Un code pour l’agriculture
Le ministre Di Antonio a défendu son code wallon devant les élèves de l'école provinciale d'Agriculture. Avant de rencontrer ce jeudi les étudiants en agronomie à Gembloux
Depuis décembre, le ministre Di Antonio sillonne les routes de Wallonie à la rencontre des organisations agricoles. En cause, le projet de code de l’agriculture et l’horticulture, à ce stade inexistant.

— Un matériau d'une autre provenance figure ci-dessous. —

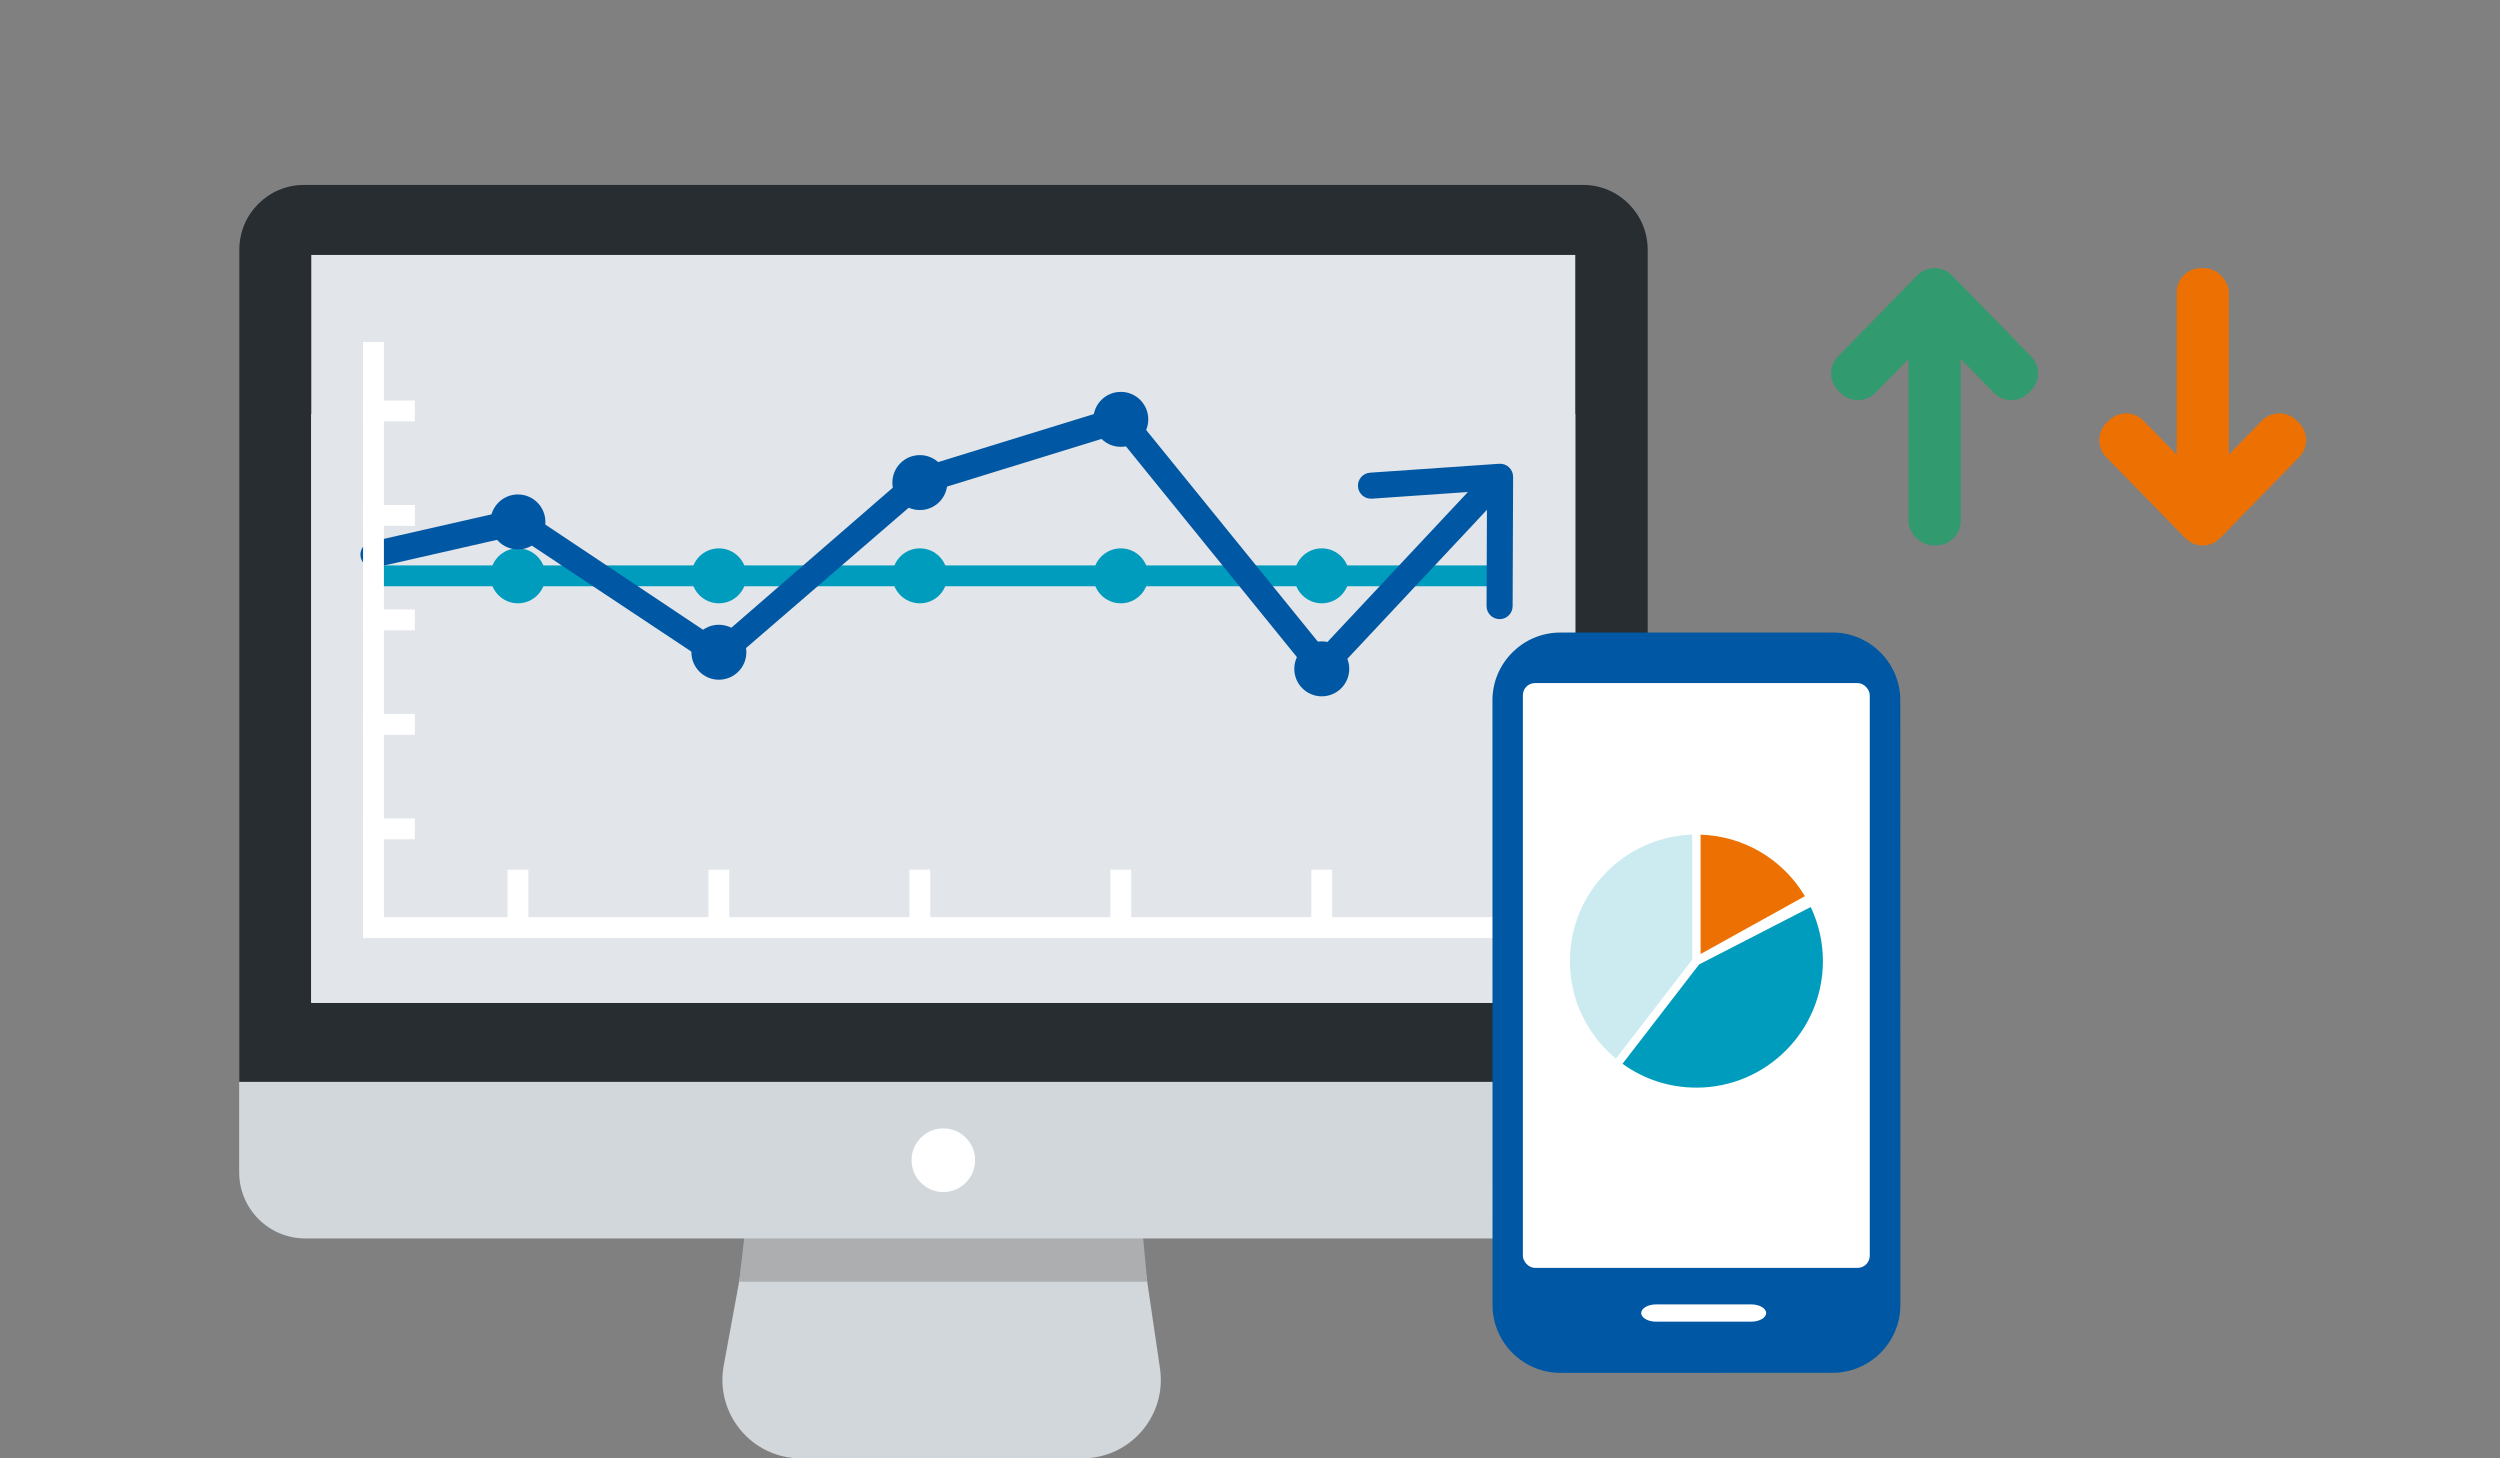 <?xml version="1.0" encoding="UTF-8"?><svg id="Design" xmlns="http://www.w3.org/2000/svg" viewBox="0 0 960 560"><rect x="0" y="0" width="960" height="560" fill="#808080" stroke="none"/><path d="M632.71,415.39H91.9V95.89c0-13.74,11.11-24.88,24.82-24.88h491.17c13.71,0,24.82,11.14,24.82,24.88v319.5Z" fill="#282d32"/><path d="M287.12,474.27l-9.21,50.1c-3.41,18.54,10.78,35.63,29.59,35.63h108.16c18.37,0,32.45-16.34,29.77-34.56l-7.53-51.17h-150.78Z" fill="#d1d7da"/><path d="M438.86,474.27h-152.95l-2.09,17.92h156.71l-1.67-17.92Z" fill="#acaeb0"/><path d="M91.84,415.5h540.8v34.65c0,14.03-11.34,25.41-25.35,25.41H117.19c-14,0-25.35-11.39-25.35-25.42v-34.64Z" fill="#d1d7da"/><path d="M604.91,159.04H119.53v226.04h485.37v-226.04Z" fill="#fff"/><path d="M604.91,97.9H119.53v287.17h485.37V97.9Z" fill="#e2e5e9"/><path d="M362.24,457.75c6.74,0,12.2-5.48,12.2-12.23s-5.46-12.23-12.2-12.23-12.2,5.48-12.2,12.23,5.46,12.23,12.2,12.23Z" fill="#fff"/><polyline points="143.42 221.12 195.81 221.12 276.05 221.12 353.22 221.12 430.39 221.12 506.94 221.12 576.46 221.12" fill="none" stroke="#009cbd" stroke-miterlimit="10" stroke-width="8"/><circle cx="198.88" cy="221.12" r="10.55" fill="#009cbd"/><circle cx="276.05" cy="221.12" r="10.55" fill="#009cbd"/><circle cx="353.22" cy="221.12" r="10.55" fill="#009cbd"/><circle cx="430.39" cy="221.12" r="10.55" fill="#009cbd"/><circle cx="507.56" cy="221.12" r="10.55" fill="#009cbd"/><path d="M507.56,261.15c-.06,0-.12,0-.18,0-1.44-.05-2.79-.73-3.71-1.85l-75.04-92.5-73.26,22.61-76.57,66.06c-1.44.95-3.27,1.09-4.84.37l-75.63-50.25-53.81,12.25c-2.69.61-5.37-1.07-5.99-3.76-.61-2.69,1.07-5.37,3.76-5.99l55.46-12.63c1.08-.25,2.2-.13,3.2.33l74.65,49.8,74.85-64.92c.4-.26.83-.46,1.28-.6l77.17-23.81c1.95-.6,4.07.04,5.36,1.63l73.56,90.68,62.15-66.36c1.89-2.02,5.05-2.12,7.07-.23,2.02,1.89,2.12,5.05.23,7.07l-66.07,70.54c-.95,1.01-2.27,1.58-3.65,1.58Z" fill="#0057a3"/><path d="M575.83,237.74h0c-2.77,0-5-2.26-4.99-5.02l.15-38.91c.01-2.91-2.45-5.21-5.35-5.01l-38.83,2.69c-2.76.19-5.15-1.89-5.34-4.65h0c-.19-2.76,1.89-5.14,4.65-5.33l49.56-3.42c2.9-.2,5.36,2.1,5.35,5.01l-.18,49.67c-.01,2.76-2.26,4.99-5.02,4.99Z" fill="#0057a3"/><circle cx="198.88" cy="200.42" r="10.55" fill="#0057a3"/><circle cx="276.05" cy="250.46" r="10.55" fill="#0057a3"/><circle cx="430.39" cy="161.03" r="10.55" fill="#0057a3"/><circle cx="507.56" cy="256.84" r="10.55" fill="#0057a3"/><circle cx="353.22" cy="185.31" r="10.55" fill="#0057a3"/><polyline points="143.42 135.33 143.42 356.17 576.46 356.17" fill="none" stroke="#fff" stroke-linecap="square" stroke-miterlimit="10" stroke-width="8"/><line x1="143.42" y1="157.8" x2="155.29" y2="157.8" fill="none" stroke="#fff" stroke-linecap="square" stroke-miterlimit="10" stroke-width="8"/><line x1="143.42" y1="197.92" x2="155.29" y2="197.92" fill="none" stroke="#fff" stroke-linecap="square" stroke-miterlimit="10" stroke-width="8"/><line x1="143.42" y1="238.04" x2="155.29" y2="238.04" fill="none" stroke="#fff" stroke-linecap="square" stroke-miterlimit="10" stroke-width="8"/><line x1="143.42" y1="278.16" x2="155.29" y2="278.16" fill="none" stroke="#fff" stroke-linecap="square" stroke-miterlimit="10" stroke-width="8"/><line x1="143.42" y1="318.28" x2="155.29" y2="318.28" fill="none" stroke="#fff" stroke-linecap="square" stroke-miterlimit="10" stroke-width="8"/><line x1="198.88" y1="356.17" x2="198.88" y2="337.93" fill="none" stroke="#fff" stroke-linecap="square" stroke-miterlimit="10" stroke-width="8"/><line x1="276.05" y1="356.17" x2="276.05" y2="337.93" fill="none" stroke="#fff" stroke-linecap="square" stroke-miterlimit="10" stroke-width="8"/><line x1="353.22" y1="356.17" x2="353.22" y2="337.93" fill="none" stroke="#fff" stroke-linecap="square" stroke-miterlimit="10" stroke-width="8"/><line x1="430.39" y1="356.17" x2="430.39" y2="337.93" fill="none" stroke="#fff" stroke-linecap="square" stroke-miterlimit="10" stroke-width="8"/><line x1="507.56" y1="356.17" x2="507.56" y2="337.93" fill="none" stroke="#fff" stroke-linecap="square" stroke-miterlimit="10" stroke-width="8"/><path d="M573.13,501.14c0,14.33,11.72,26.04,26.05,26.04l104.54-.02c14.32,0,26.04-11.72,26.03-26.05l-.03-232.19c0-14.32-11.72-26.04-26.05-26.04l-104.54.02c-14.32,0-26.04,11.72-26.03,26.04l.03,232.19Z" fill="#0057a3"/><rect x="584.78" y="262.3" width="133.21" height="224.56" rx="4.66" ry="4.66" fill="#fff"/><path d="M630.22,504.21c0,1.83,2.6,3.32,5.79,3.32h36.4c3.18,0,5.79-1.5,5.79-3.33,0-1.82-2.61-3.32-5.79-3.32h-36.4c-3.18,0-5.78,1.5-5.78,3.33Z" fill="#fff"/><path d="M706.92,150.99l-.94-.92c-3.69-3.61-3.76-9.53-.15-13.22l30.37-31.08c3.67-3.75,9.71-3.75,13.38,0l30.36,31.08c3.61,3.69,3.54,9.62-.15,13.22l-.94.92c-3.69,3.61-9.62,3.54-13.22-.15l-16.04-16.42c-3.67-3.75-9.71-3.75-13.38,0l-16.05,16.42c-3.61,3.69-9.53,3.76-13.23.15Z" fill="#319a6e"/><rect x="732.87" y="119.71" width="20.02" height="89.71" rx="9.35" ry="9.35" fill="#319a6e"/><path d="M839.16,206.62l-30.37-31.08c-3.61-3.69-3.54-9.61.15-13.22l.94-.92c3.69-3.61,9.62-3.54,13.23.15l16.05,16.42c3.67,3.75,9.71,3.75,13.38,0l16.04-16.42c3.61-3.69,9.53-3.76,13.22-.15l.94.92c3.69,3.61,3.76,9.53.15,13.22l-30.36,31.08c-3.67,3.75-9.71,3.75-13.38,0Z" fill="#ed7102"/><rect x="835.84" y="102.97" width="20.02" height="96.38" rx="9.35" ry="9.35" fill="#ed7102"/><circle cx="651.42" cy="369.06" r="50.19" fill="#ccebf1"/><circle cx="651.42" cy="369.06" r="50.19" fill="#ccebf1"/><circle cx="651.42" cy="369.06" r="50.19" fill="#ccebf1"/><path d="M651.42,420.85c-28.56,0-51.79-23.23-51.79-51.79s23.23-51.79,51.79-51.79,51.79,23.23,51.79,51.79-23.23,51.79-51.79,51.79ZM651.42,320.47c-26.79,0-48.59,21.8-48.59,48.59s21.8,48.59,48.59,48.59,48.59-21.8,48.59-48.59-21.8-48.59-48.59-48.59Z" fill="#fff"/><path d="M696.05,346.12c-8.33-16.18-25.18-27.24-44.63-27.24v50.19l44.63-22.94Z" fill="#ed7102"/><path d="M651.42,369.06l-30.64,39.74c8.48,6.55,19.1,10.45,30.64,10.45,27.72,0,50.19-22.47,50.19-50.19,0-8.83-2.29-17.12-6.29-24.33l-43.89,24.33Z" fill="#009cbd"/><path d="M698.19,346.82h.02s-.73-1.44-.73-1.44c-.17-.33-.35-.66-.53-.99-.08-.15-.15-.3-.23-.44l-.78-1.4-.03.02c-9.33-15.68-26.09-25.3-44.49-25.3h-1.6v51.24l-31.28,40.57,1.27.98c9.14,7.06,20.07,10.79,31.62,10.79,28.56,0,51.79-23.23,51.79-51.79,0-7.7-1.73-15.32-5.02-22.24ZM693.09,344.13l-40.06,22.21v-45.84c16.59.54,31.57,9.43,40.06,23.63ZM651.42,417.65c-10.3,0-20.07-3.16-28.38-9.16l29.43-38.16,42.85-22.03c3.06,6.47,4.68,13.58,4.68,20.77,0,26.79-21.8,48.59-48.59,48.59Z" fill="#fff"/></svg>

Ce mercredi après-midi, pour la première fois, l’élu se frottait à un public un peu différent, formé par ceux qui veulent se lancer dans ces métiers. En l’occurrence, à l’école provinciale (Saint-Quentin), aux étudiants en baccalauréat (haute école) ainsi qu’aux élèves du dernier cycle de secondaire. Ce type de rencontre avec des étudiants de hautes écoles ou d’universités va se multiplier dans un avenir proche. Ce jeudi par exemple, Carlo Di Antonio sera à la Faculté des sciences agronomiques de Gembloux.
Que pensent les jeunes cinaciens de ce code en gestation? En fait, ils ont pas mal de questions. Visiblement, ils savent à quel point l’agriculture vit des heures difficiles, voire cruciales. « Quand le ministre souhaite que les agriculteurs soient les vrais fournisseurs de notre alimentation en Wallonie, que l’on aille vers l’autonomie, d’accord », glisse l’un d’eux. Les circuits courts qui polluent moins et diminuent le nombre d’intermédiaires passent bien. D’autres sujets sont plus sensibles. « Mes parents ont une exploitation familiale, diversifiée, et je voudrais créer un atelier de transformation du lait. Mais vu les normes imposées par l’Afsca (Agence fédérale pour la sécurité alimentaire, NDLR), ce n’est pas rentable ». D’autres questions tournaient autour des biocarburants, des possibilités de leur consacrer des terres tout en gardant suffisamment d’espace pour une autonomie alimentaire. Tout le monde n’est pas convaincu.
Les jeunes ressentent aussi une forte nécessité de mieux faire connaître le monde agricole. « C’est bien de penser à créer des filières pour promouvoir les fruits et légumes de Wallonie, mais il faudra parfois sensibiliser les enfants à ce qui est produit chez nous, disait en substance une étudiante. J’étais au salon des professions de Namur voici peu, je discutais avec une étudiante voulant devenir esthéticienne et qui ne savait pas que les betteraves produisent des graines ». Ou un autre étudiant: « Aujourd’hui chez BioWanze, avec un hectare de terrain, on produit non seulement de quoi faire parcourir 35.000 kilomètres à un véhicule mais aussi, en plus, des protéines qui permettent de nourrir du bétail au lieu de faire venir du soja du Brésil ou de Chine. Les gens ne le savent pas ».
Carlo Di Antonio espère un accord sur le code wallon pour la fin de cette année, à tout le moins avant la fin de la législature. D’autant qu’une réforme de la politique agricole commune est en train de se négocier.